Another idea: why not leave the pivot element in place instead of always swapping it with the first element? The goal is zero writes (swaps) for already-sorted subranges, and it seems to work, but I have not timed it yet, so I don't know whether it's actually useful.

I find this amazing: quicksort must have been analysed to death by now, and I've looked at quite a few implementations, so why exactly am I still discovering things I don't remember ever having seen before, with this little cherry on top? Am I just delusional, or really onto something? :-)

BTW, does anyone know how std::sort stacks up?

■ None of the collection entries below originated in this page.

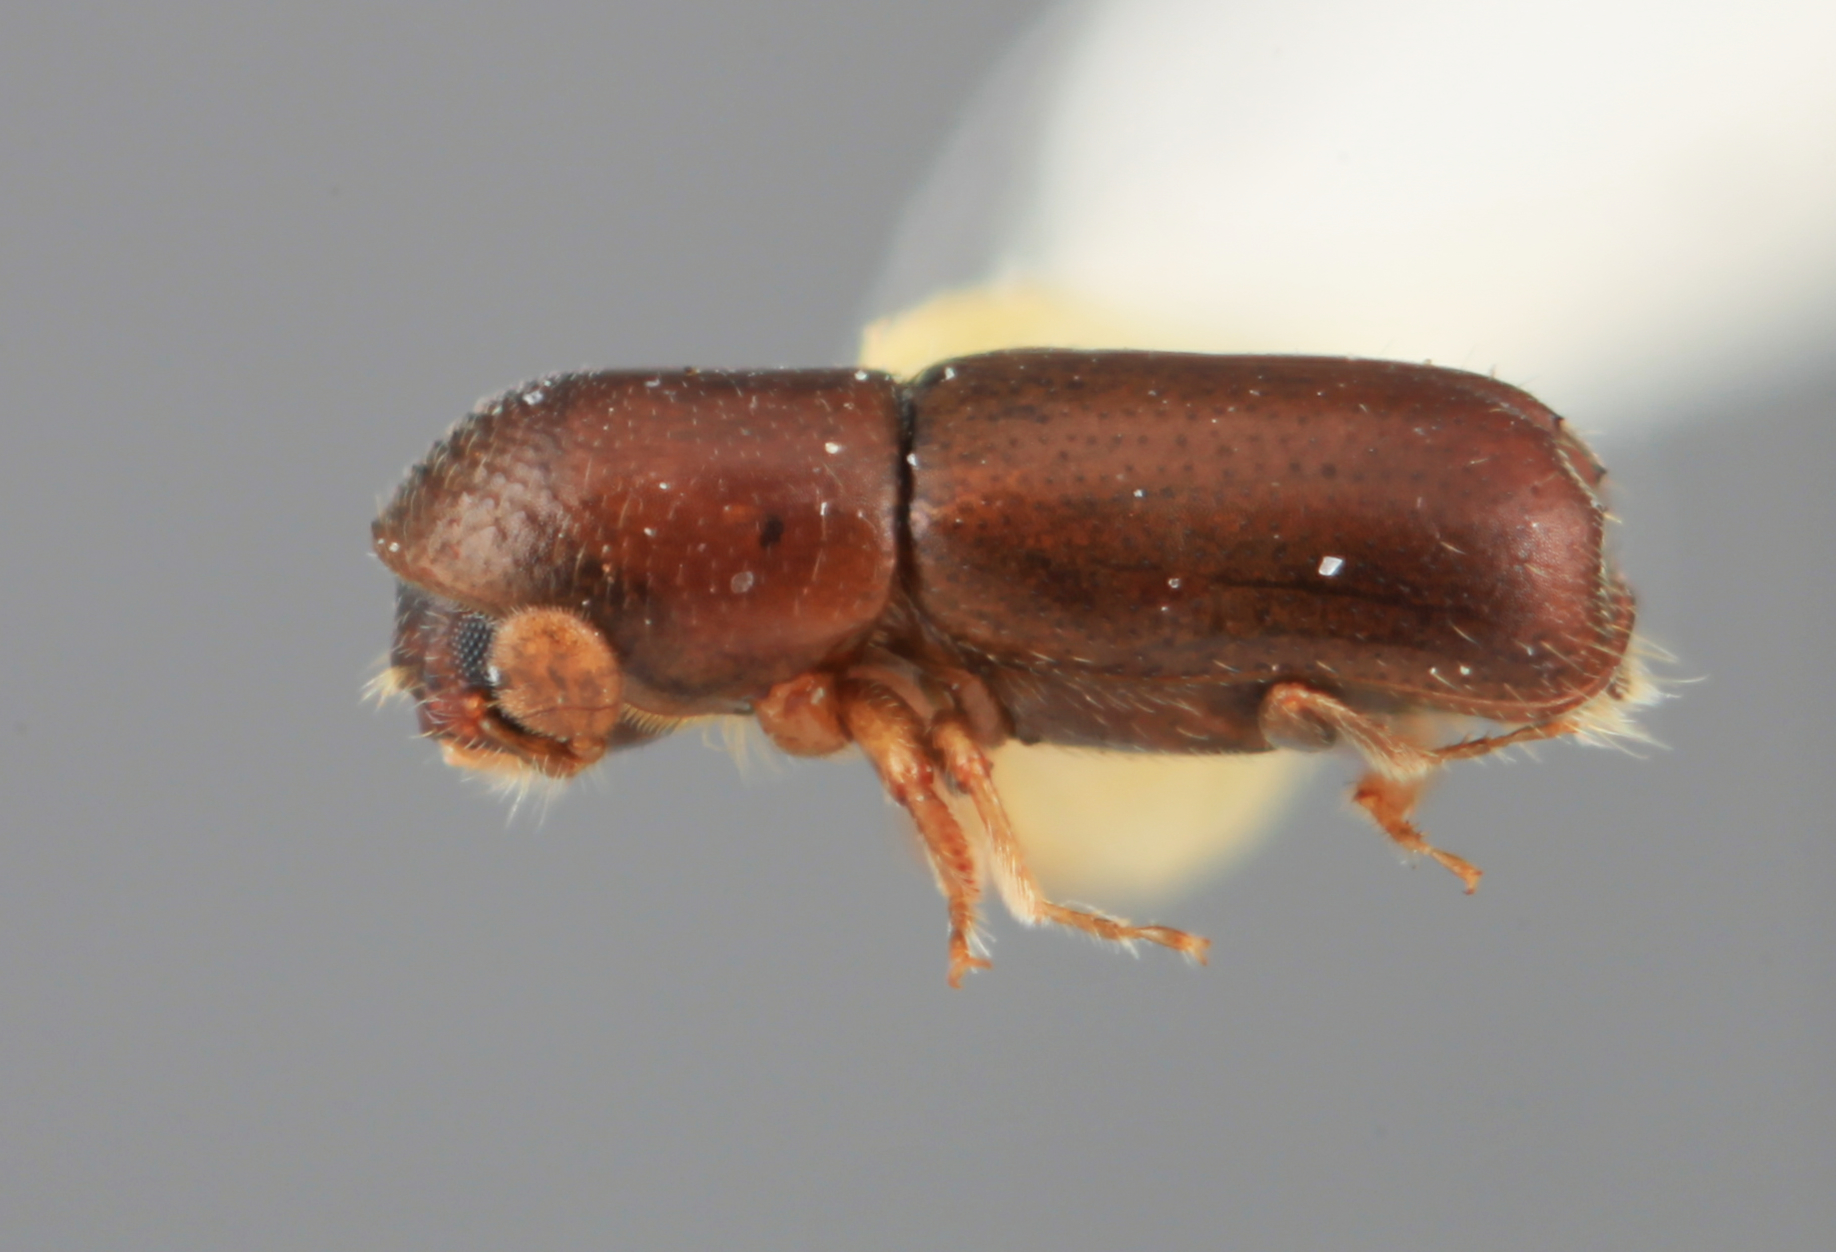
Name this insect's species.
Microcorthylus lassus
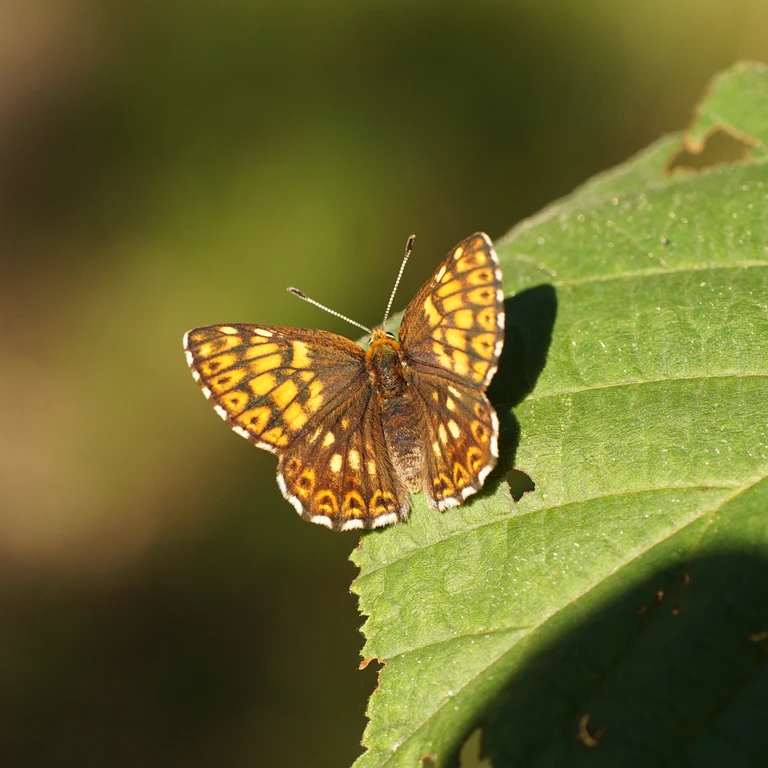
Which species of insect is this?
Hamearis lucina
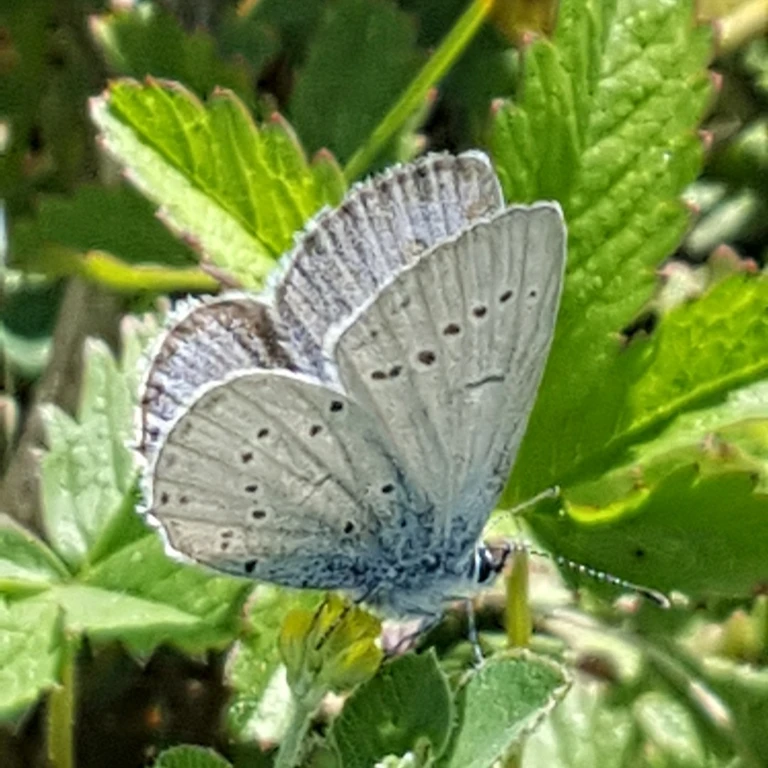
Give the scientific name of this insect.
Cupido decolorata (also Elkalyce decolorata)
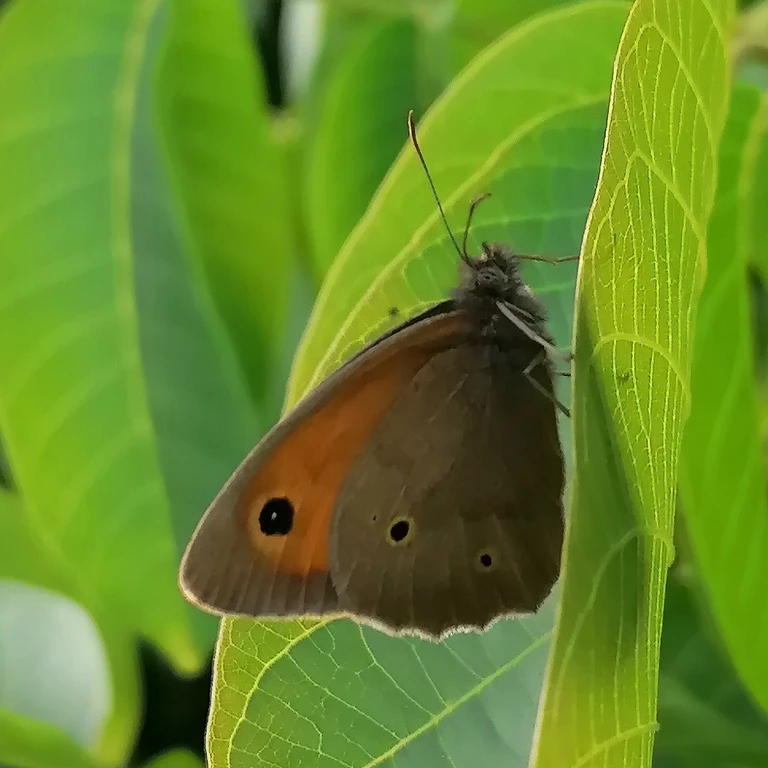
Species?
Maniola jurtina
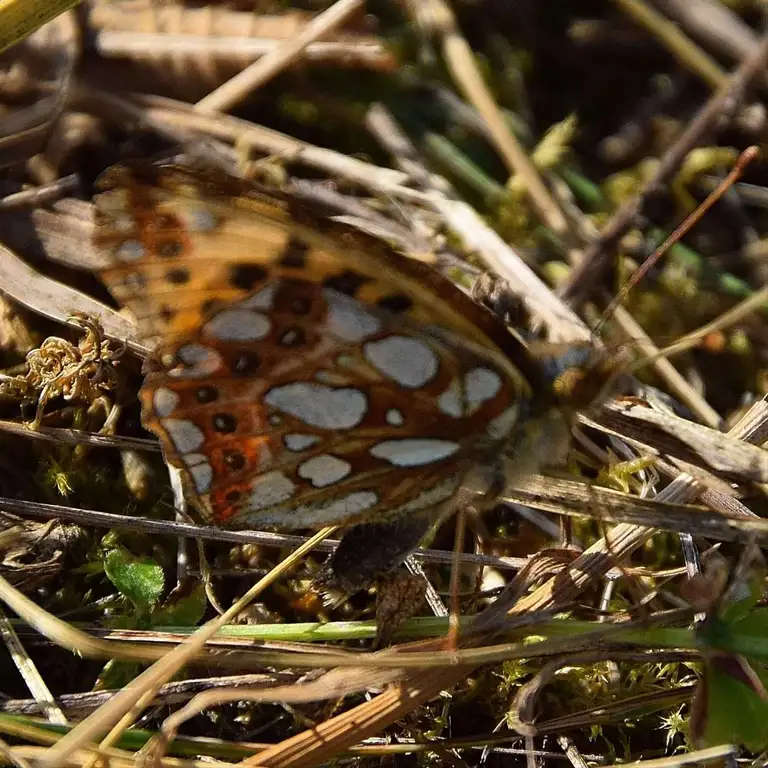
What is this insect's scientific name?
Issoria lathonia
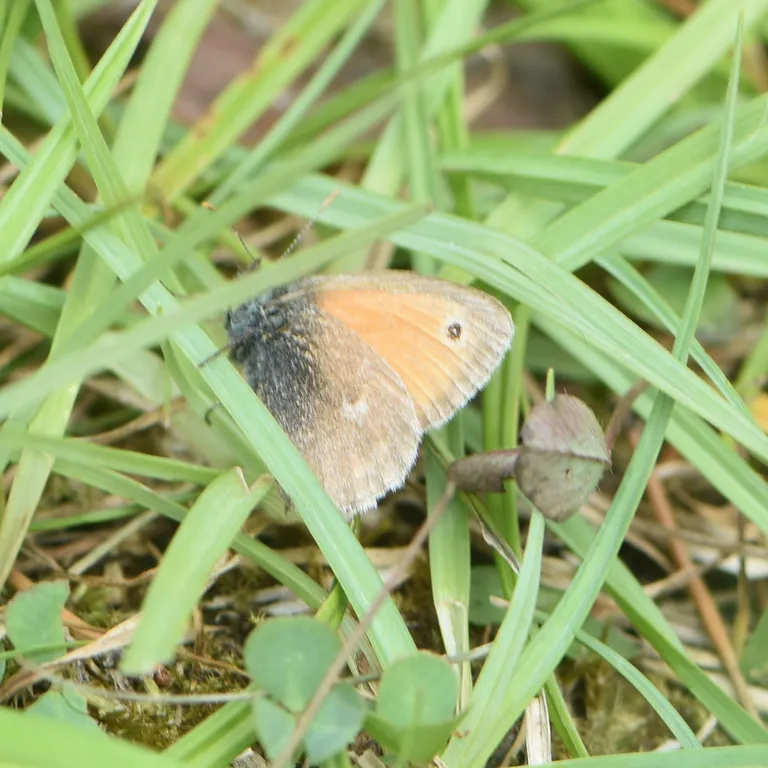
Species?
Coenonympha pamphilus
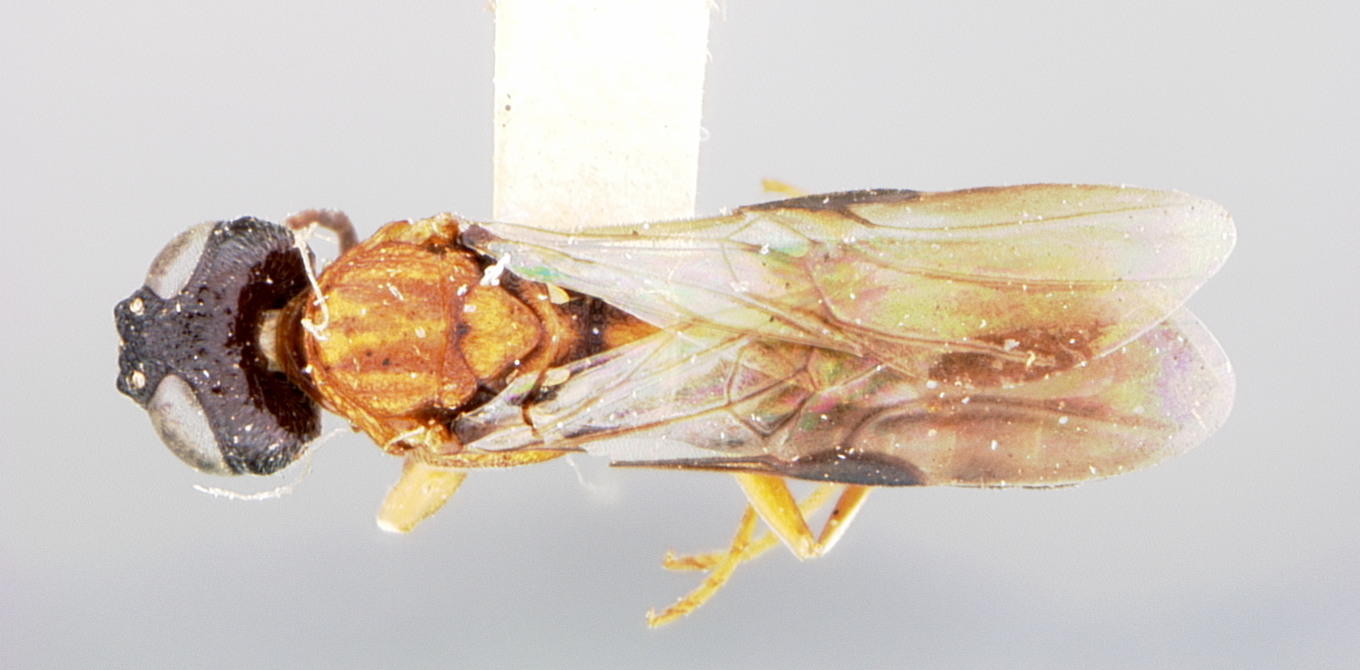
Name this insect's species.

Will it also process an already-sorted sequence without writes?

Hmm, it seems that std::sort algorithmic complexity requirements have been tightened up in C++11, so the next step might be an application of something like introsort here as well...

Feedback welcome!

(2013-12-03 Added) Now with source code.

(2014-01-25 Removed source code again, see latest instead.)

The creative part was all in good fun, but I don't like the measuring part quite so much, even to prove a point. Of course there's also the chance of finding out that it was all for naught, or worse.

But maybe somebody else would like to pick this apart, to see what it does with lots of equivalent elements and preexisting (partial) order?

(2013-12-15 Added) Hmm, strange… That lazy swapping didn't give a noticeable difference (maybe it would with types that are more expensive to swap?), but what did improve performance (well, by a few percent anyway) was reducing the grainsize to crazy-low values (don't forget swapping out the auto_partitioner for a simple_partitioner), until performance finally declined again with grainsize in the single digits. Go figure!

I thought I'd just replace a few earlier versions with the latest.

Hopefully at least the skeleton changes will make it into TBB: avoiding redundant swapping in the main loop, and always swawning the largest piece.